### Task prompt
As an exercise in exact copying, transcribe the lines below from the one holding "Tactile sensor pictures, DIGIT;" through the last, with both ends included and pictures left out.
=== Data section ===
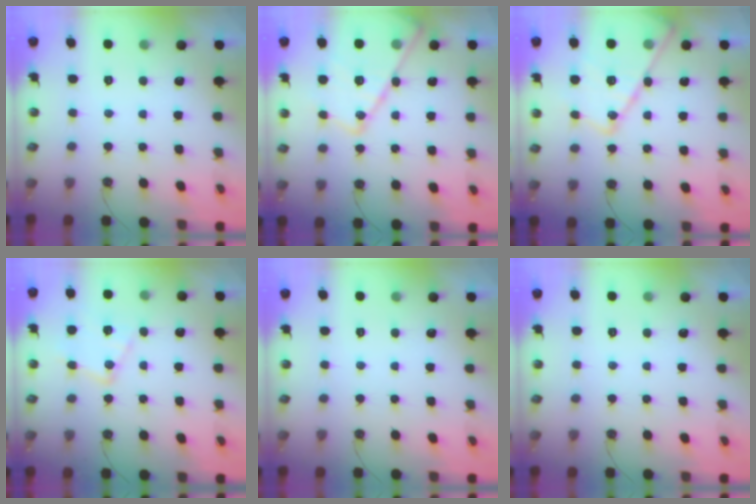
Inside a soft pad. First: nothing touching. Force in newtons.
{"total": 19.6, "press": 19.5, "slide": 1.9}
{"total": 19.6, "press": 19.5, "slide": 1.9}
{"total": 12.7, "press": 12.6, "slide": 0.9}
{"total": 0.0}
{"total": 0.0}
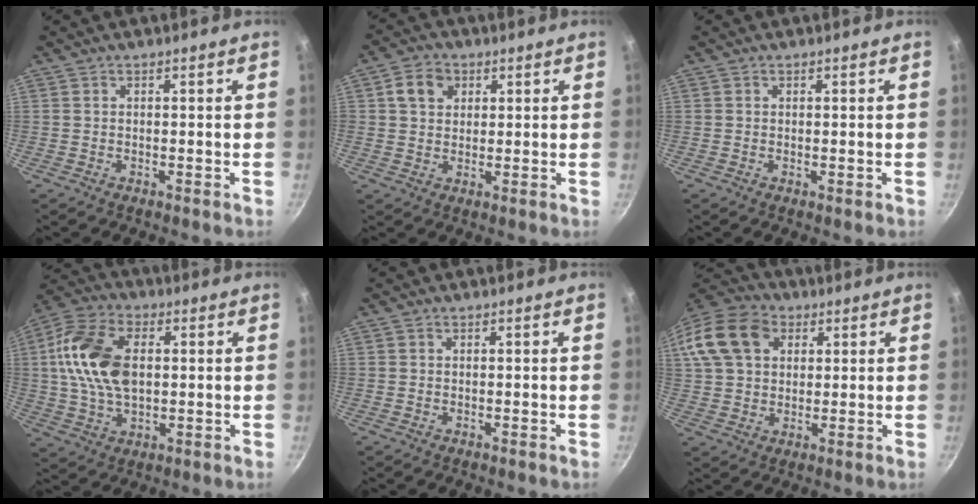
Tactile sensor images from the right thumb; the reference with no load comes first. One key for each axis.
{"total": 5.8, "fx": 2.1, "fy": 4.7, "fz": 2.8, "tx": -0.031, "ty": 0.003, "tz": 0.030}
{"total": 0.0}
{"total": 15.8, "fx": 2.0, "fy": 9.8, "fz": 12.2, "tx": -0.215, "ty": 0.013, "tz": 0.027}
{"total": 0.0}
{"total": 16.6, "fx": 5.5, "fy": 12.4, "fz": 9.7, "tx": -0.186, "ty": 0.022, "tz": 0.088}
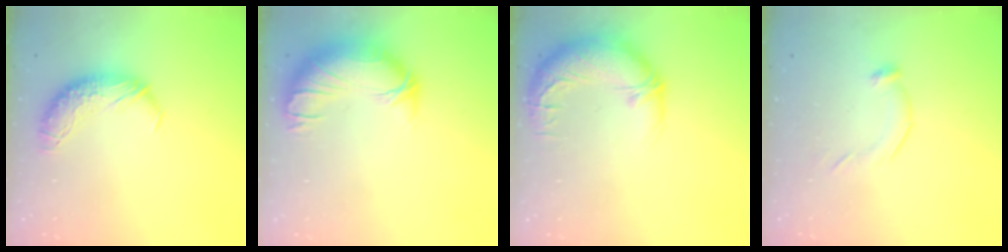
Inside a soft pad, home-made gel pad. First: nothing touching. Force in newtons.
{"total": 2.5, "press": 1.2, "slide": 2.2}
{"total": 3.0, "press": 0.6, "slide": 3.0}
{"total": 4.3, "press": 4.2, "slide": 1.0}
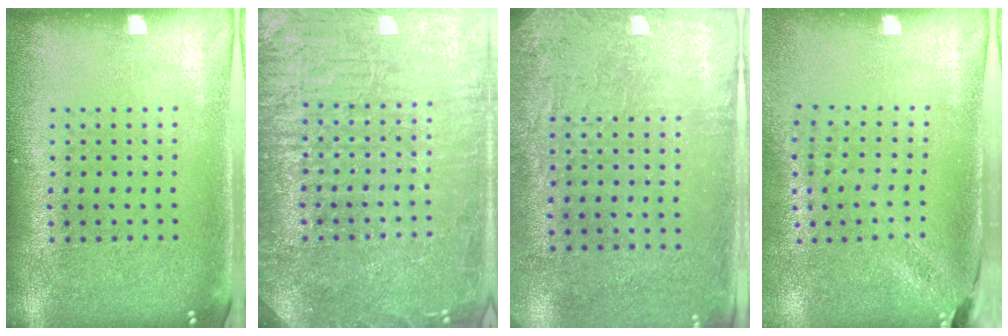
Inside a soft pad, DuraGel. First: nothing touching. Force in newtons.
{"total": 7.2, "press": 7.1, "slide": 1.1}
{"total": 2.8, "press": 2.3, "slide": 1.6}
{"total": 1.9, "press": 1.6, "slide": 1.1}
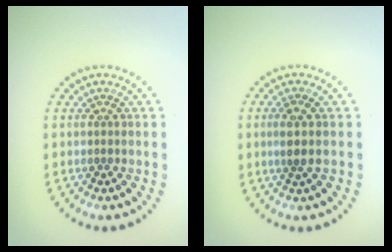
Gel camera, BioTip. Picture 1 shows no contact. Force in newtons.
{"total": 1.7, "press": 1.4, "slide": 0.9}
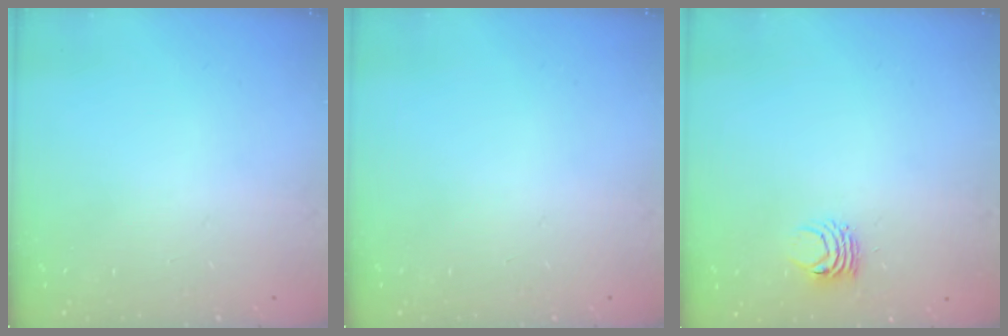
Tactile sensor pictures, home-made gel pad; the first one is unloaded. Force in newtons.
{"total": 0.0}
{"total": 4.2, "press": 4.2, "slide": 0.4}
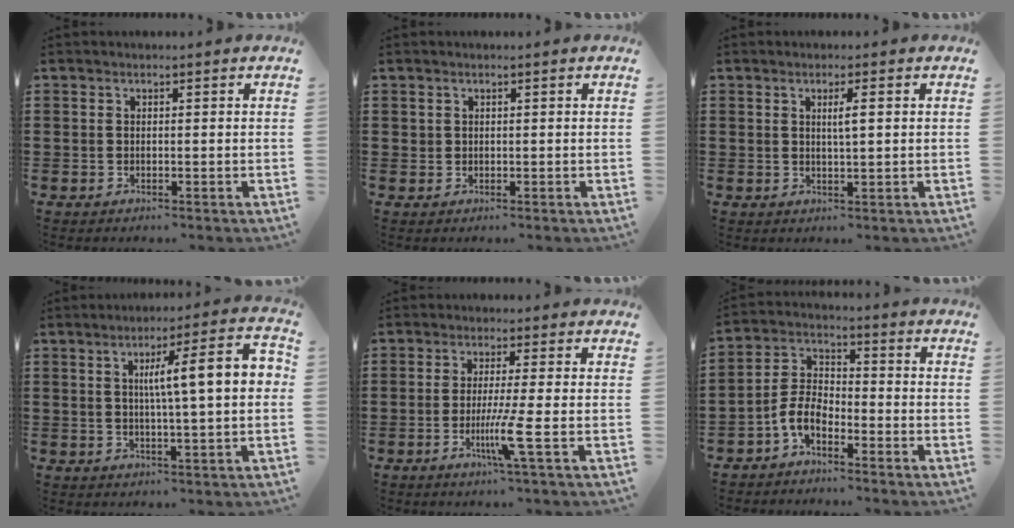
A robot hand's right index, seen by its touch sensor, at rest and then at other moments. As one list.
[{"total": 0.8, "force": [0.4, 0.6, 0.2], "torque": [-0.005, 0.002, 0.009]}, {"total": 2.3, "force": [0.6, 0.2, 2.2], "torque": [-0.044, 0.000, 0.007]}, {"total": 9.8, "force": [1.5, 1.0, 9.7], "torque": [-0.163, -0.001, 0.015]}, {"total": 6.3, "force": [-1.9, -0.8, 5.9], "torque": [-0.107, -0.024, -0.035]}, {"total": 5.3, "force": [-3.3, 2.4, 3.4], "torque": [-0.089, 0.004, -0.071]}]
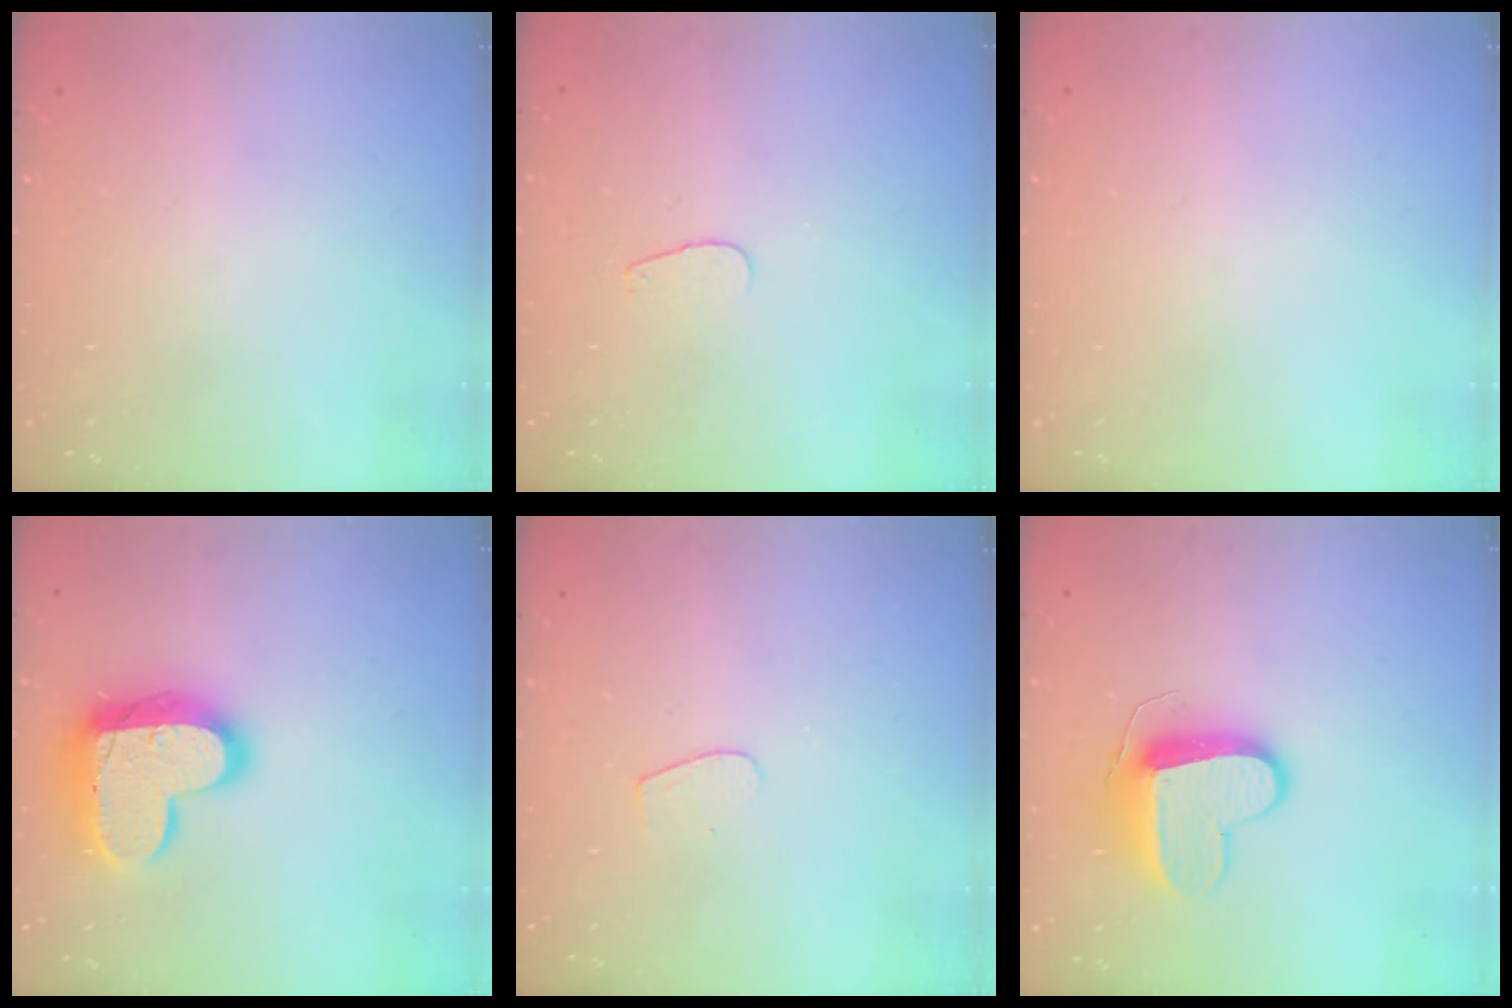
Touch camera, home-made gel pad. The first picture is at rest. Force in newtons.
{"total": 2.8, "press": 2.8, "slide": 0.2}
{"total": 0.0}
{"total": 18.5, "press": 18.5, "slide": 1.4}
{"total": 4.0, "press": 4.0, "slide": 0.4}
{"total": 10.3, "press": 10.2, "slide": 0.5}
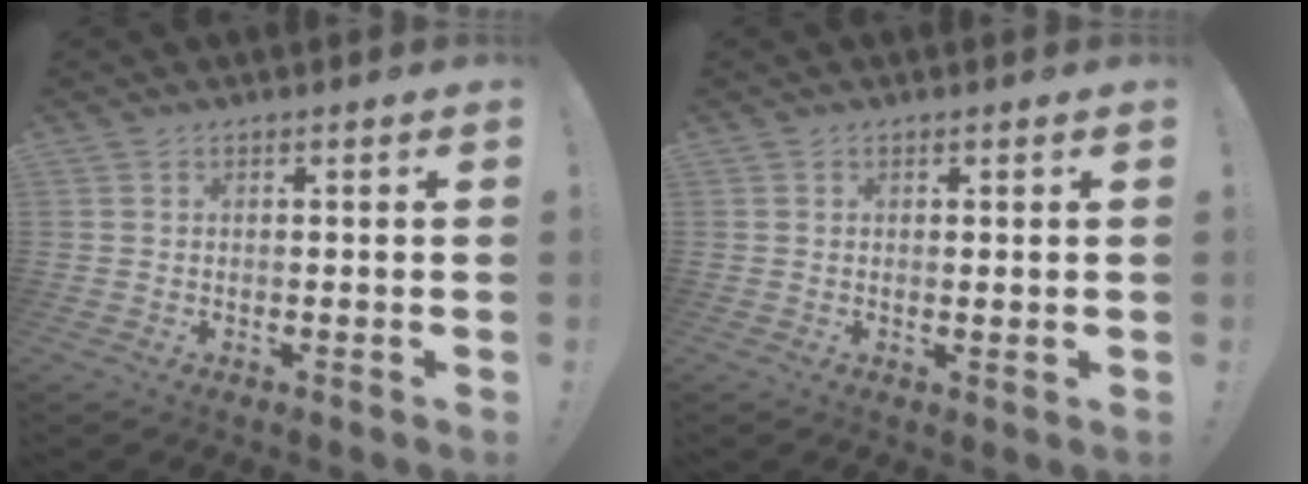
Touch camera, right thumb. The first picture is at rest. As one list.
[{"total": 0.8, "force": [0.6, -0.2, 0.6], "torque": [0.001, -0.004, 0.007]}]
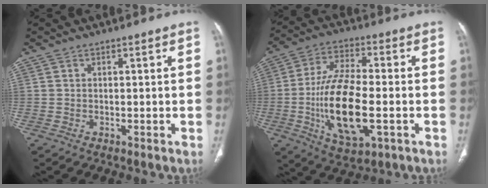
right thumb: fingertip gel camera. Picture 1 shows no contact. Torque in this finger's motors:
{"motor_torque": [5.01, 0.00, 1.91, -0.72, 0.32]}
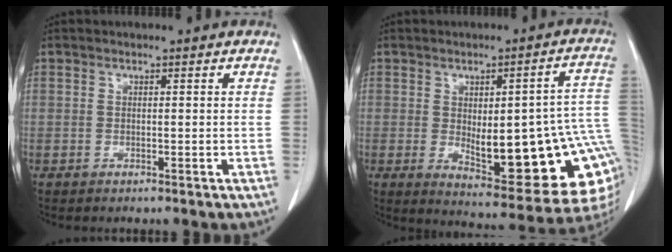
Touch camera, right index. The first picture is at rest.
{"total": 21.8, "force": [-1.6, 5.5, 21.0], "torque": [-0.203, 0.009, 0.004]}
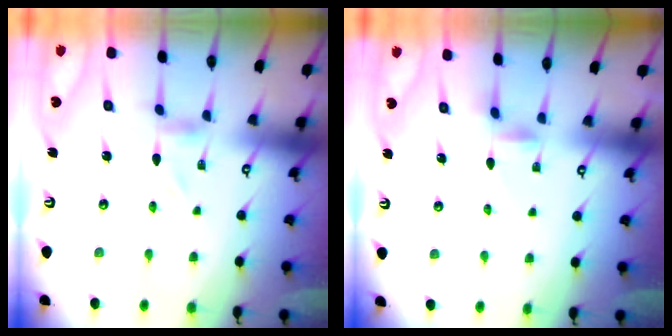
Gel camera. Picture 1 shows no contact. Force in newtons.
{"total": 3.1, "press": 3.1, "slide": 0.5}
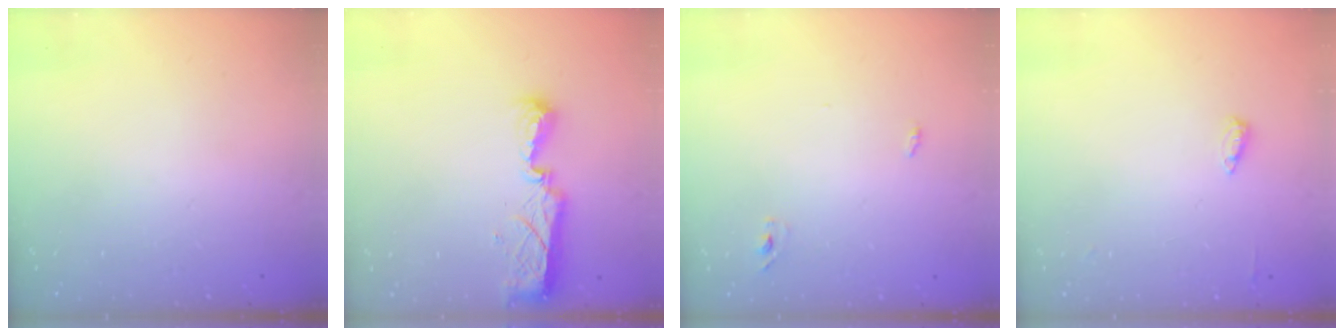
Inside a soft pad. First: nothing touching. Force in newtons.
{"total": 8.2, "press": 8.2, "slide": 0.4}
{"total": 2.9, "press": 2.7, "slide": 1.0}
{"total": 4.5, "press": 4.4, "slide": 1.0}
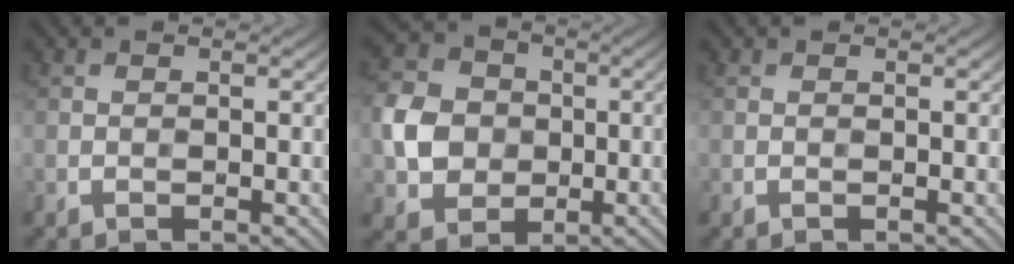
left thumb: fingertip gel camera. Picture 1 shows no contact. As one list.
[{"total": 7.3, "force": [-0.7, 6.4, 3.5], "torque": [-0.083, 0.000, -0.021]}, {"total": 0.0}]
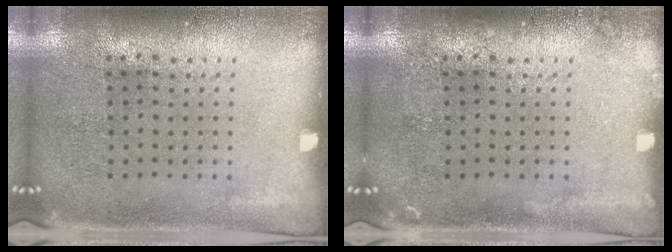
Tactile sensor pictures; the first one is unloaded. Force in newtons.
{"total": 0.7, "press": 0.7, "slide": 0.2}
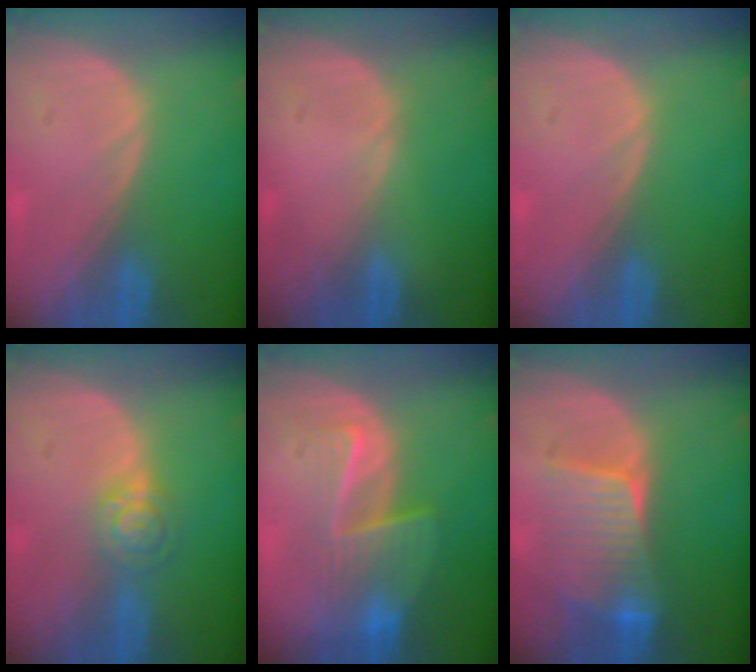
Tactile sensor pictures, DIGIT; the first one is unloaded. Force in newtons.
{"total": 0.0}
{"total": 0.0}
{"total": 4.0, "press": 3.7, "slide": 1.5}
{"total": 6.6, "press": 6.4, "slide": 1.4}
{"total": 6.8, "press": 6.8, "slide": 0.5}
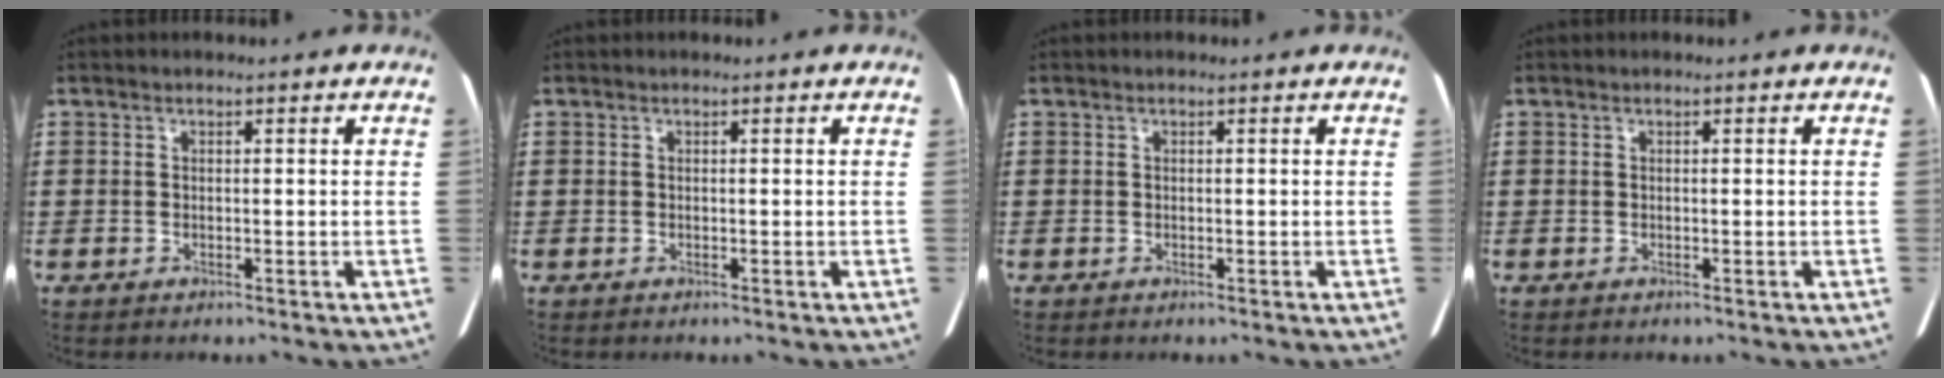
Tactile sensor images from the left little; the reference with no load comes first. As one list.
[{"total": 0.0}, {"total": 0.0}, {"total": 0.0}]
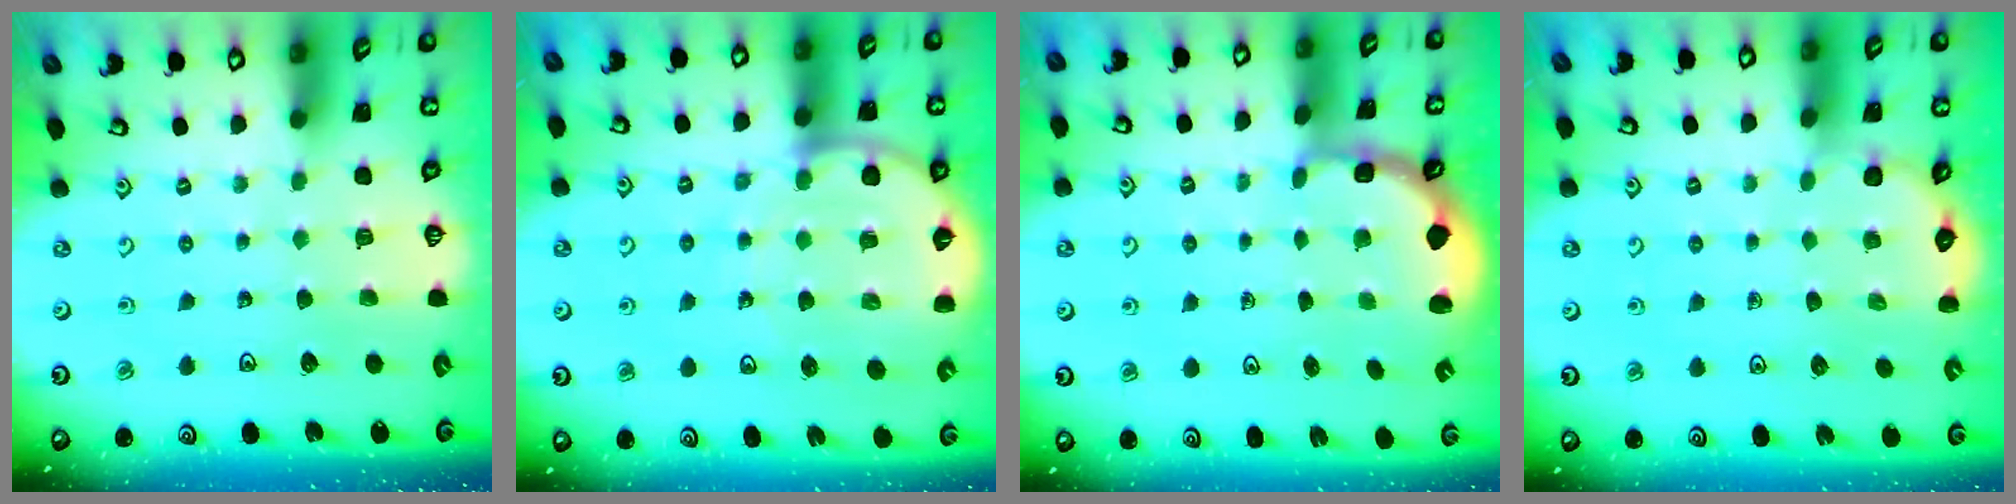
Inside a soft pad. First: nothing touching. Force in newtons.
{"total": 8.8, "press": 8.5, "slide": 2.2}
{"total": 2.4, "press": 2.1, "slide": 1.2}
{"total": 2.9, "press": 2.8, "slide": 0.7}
===
### Reply to the exercise
Tactile sensor pictures, DIGIT; the first one is unloaded. Force in newtons.
{"total": 0.0}
{"total": 0.0}
{"total": 4.0, "press": 3.7, "slide": 1.5}
{"total": 6.6, "press": 6.4, "slide": 1.4}
{"total": 6.8, "press": 6.8, "slide": 0.5}
Tactile sensor images from the left little; the reference with no load comes first. As one list.
[{"total": 0.0}, {"total": 0.0}, {"total": 0.0}]
Inside a soft pad. First: nothing touching. Force in newtons.
{"total": 8.8, "press": 8.5, "slide": 2.2}
{"total": 2.4, "press": 2.1, "slide": 1.2}
{"total": 2.9, "press": 2.8, "slide": 0.7}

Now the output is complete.